Another disadvantage is that the categories that are useful change over time. Why does the Library of Congress classify Bantu and Mandarin in the same category (PL)? Because when the categories were created, there weren’t many books in the Library’s collection in those languages. Also, the Library of Congress has a category on East Germany . This was once very useful. But now, aside from books about the period from 1945-89, it’s not terribly relevant. Do we continue to file books about the region in this category?

But most of all, in a digital age such a system isn’t that important. If your "books" are electronic, who cares where they’re "shelved." You can create "virtual shelves" of material as users demand.

One method that is increasingly being used to categorize electronic resources is tagging. It’s not a formal system and information is not classified in advance. Instead, people assign tags to a resource as they go. An electronic source about baseball slang, for example, could be tagged with terms like baseball, slang, language, sports, American sports, etc. There are no restrictions on what tags can be used or on how many can be assigned to each resource.

The idea is that if enough tags are assigned by a number of different people, then patterns will begin to emerge. The baseball slang resource will appear in searches for both baseball and language. The advantage is that since the information can be classified in an unlimited number of categories the problem of looking in the wrong place goes away. With enough tags, you will find the book no matter what search path you take.

What would seem to be an obvious criticism of tagging, that there will be little consistency between how different people apply tags, actually turns out to be a great advantage. One person may tag works as being about cinema, while another uses movies. Wouldn’t it be better to use a single tag instead of both of these? Or would it? Aren’t cinema and movies really two similar, but distinctly different categories? In one you have The Bicycle Thief, in the other you have Titanic. There will be some overlap of course, with some using the same tag for both. But by ordering search results by "relevance," the person searching under cinema will be presented with The Bicycle Thief first, with Titanic being way down on the list. Someone searching on movies will get the opposite result.
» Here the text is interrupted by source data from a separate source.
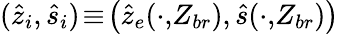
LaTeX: (\hat{z}_{i},\hat{s}_{i})\! \equiv\! \big(\hat{z}_{e}(\cdot,\! Z_{br}),\hat{s}(\cdot,\! Z_{br})\big)
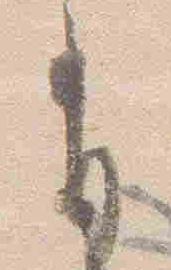
有
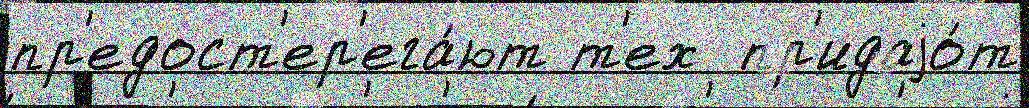
пр'едост'ер'ега́ют т'ех  пр'идаjо́т
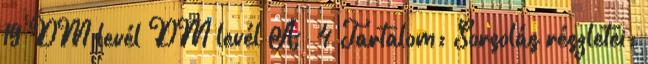
19 DM levél DM levél A 4 Tartalom: Sorsolás részletei:

And tagging makes virtual shelves possible. In the older systems, classifying 20th century American authors would be alphabetical. So Robert Heinlein would be interposed between Zane Grey and Larry McMurtry. Wouldn’t it be better to have Heinlein classified with Isaac Asimov in Sci Fi, and group Grey and McMurtry with the other Westerns? Tags let you organize 20th century American authors alphabetically or by genre, whatever your needs are at any particular moment.

Tagging is not restricted to online resources. One can also use it to classify books and other physical objects. In such a case, each book must be assigned a unique identifier (e.g., ISBN). This ISBN can then be used to locate the physical object when needed. This does not shelve these books in same place as other books on the same topic, but it is not a disadvantage in a closed stack library where books are brought to the researchers.

An example of a catalog that uses tagging is www.librarything.com, which brings us back full circle, for it was that web site that got me thinking about cataloguing. Another example is del.icio.us, a site that catalogs web bookmarks.

To read an excellent discussion of ontological methodologies and a more complete description of tagging, check out Clay Shirky’s Ontology is Overrated.